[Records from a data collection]
^^^^

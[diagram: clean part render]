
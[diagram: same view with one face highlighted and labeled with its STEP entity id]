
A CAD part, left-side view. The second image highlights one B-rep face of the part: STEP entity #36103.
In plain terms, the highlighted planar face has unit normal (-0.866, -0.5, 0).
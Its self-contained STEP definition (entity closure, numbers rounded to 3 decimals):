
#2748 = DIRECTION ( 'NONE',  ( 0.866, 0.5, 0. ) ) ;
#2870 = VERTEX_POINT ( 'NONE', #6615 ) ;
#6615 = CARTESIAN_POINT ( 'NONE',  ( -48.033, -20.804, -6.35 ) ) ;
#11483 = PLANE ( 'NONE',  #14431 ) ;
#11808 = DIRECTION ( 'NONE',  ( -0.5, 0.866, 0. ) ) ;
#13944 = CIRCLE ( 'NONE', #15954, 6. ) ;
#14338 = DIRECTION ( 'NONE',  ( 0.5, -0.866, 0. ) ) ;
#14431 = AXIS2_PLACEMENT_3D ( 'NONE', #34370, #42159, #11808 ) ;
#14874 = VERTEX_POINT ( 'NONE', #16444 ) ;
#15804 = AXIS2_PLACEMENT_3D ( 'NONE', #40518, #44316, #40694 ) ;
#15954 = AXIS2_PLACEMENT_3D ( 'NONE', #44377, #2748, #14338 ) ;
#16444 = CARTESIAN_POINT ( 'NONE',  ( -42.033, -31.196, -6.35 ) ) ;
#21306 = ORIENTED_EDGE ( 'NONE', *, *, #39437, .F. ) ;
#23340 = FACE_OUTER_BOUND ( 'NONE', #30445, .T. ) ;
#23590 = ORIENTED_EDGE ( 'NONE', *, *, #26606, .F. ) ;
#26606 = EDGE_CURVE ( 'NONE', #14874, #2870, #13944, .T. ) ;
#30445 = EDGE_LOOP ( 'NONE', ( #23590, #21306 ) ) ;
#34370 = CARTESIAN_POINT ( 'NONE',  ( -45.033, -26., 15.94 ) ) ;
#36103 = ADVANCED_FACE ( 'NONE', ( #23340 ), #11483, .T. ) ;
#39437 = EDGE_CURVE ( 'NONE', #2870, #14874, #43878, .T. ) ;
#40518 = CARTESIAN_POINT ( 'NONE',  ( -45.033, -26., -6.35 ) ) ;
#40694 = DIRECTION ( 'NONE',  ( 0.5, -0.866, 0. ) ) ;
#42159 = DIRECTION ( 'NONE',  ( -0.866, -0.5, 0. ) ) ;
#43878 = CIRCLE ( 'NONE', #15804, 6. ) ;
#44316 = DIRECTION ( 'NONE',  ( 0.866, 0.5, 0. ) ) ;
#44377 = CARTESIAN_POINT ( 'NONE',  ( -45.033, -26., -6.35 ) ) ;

^^^^

# Task requirements
Transcribe each entry exactly.

# Task response
[diagram: clean part render]
[diagram: same view with one face highlighted and labeled with its STEP entity id]
A CAD part, left-side view. The second image highlights one B-rep face of the part: STEP entity #36103.
In plain terms, the highlighted planar face has unit normal (-0.866, -0.5, 0).
Its self-contained STEP definition (entity closure, numbers rounded to 3 decimals):
#2748 = DIRECTION ( 'NONE',  ( 0.866, 0.5, 0. ) ) ;
#2870 = VERTEX_POINT ( 'NONE', #6615 ) ;
#6615 = CARTESIAN_POINT ( 'NONE',  ( -48.033, -20.804, -6.35 ) ) ;
#11483 = PLANE ( 'NONE',  #14431 ) ;
#11808 = DIRECTION ( 'NONE',  ( -0.5, 0.866, 0. ) ) ;
#13944 = CIRCLE ( 'NONE', #15954, 6. ) ;
#14338 = DIRECTION ( 'NONE',  ( 0.5, -0.866, 0. ) ) ;
#14431 = AXIS2_PLACEMENT_3D ( 'NONE', #34370, #42159, #11808 ) ;
#14874 = VERTEX_POINT ( 'NONE', #16444 ) ;
#15804 = AXIS2_PLACEMENT_3D ( 'NONE', #40518, #44316, #40694 ) ;
#15954 = AXIS2_PLACEMENT_3D ( 'NONE', #44377, #2748, #14338 ) ;
#16444 = CARTESIAN_POINT ( 'NONE',  ( -42.033, -31.196, -6.35 ) ) ;
#21306 = ORIENTED_EDGE ( 'NONE', *, *, #39437, .F. ) ;
#23340 = FACE_OUTER_BOUND ( 'NONE', #30445, .T. ) ;
#23590 = ORIENTED_EDGE ( 'NONE', *, *, #26606, .F. ) ;
#26606 = EDGE_CURVE ( 'NONE', #14874, #2870, #13944, .T. ) ;
#30445 = EDGE_LOOP ( 'NONE', ( #23590, #21306 ) ) ;
#34370 = CARTESIAN_POINT ( 'NONE',  ( -45.033, -26., 15.94 ) ) ;
#36103 = ADVANCED_FACE ( 'NONE', ( #23340 ), #11483, .T. ) ;
#39437 = EDGE_CURVE ( 'NONE', #2870, #14874, #43878, .T. ) ;
#40518 = CARTESIAN_POINT ( 'NONE',  ( -45.033, -26., -6.35 ) ) ;
#40694 = DIRECTION ( 'NONE',  ( 0.5, -0.866, 0. ) ) ;
#42159 = DIRECTION ( 'NONE',  ( -0.866, -0.5, 0. ) ) ;
#43878 = CIRCLE ( 'NONE', #15804, 6. ) ;
#44316 = DIRECTION ( 'NONE',  ( 0.866, 0.5, 0. ) ) ;
#44377 = CARTESIAN_POINT ( 'NONE',  ( -45.033, -26., -6.35 ) ) ;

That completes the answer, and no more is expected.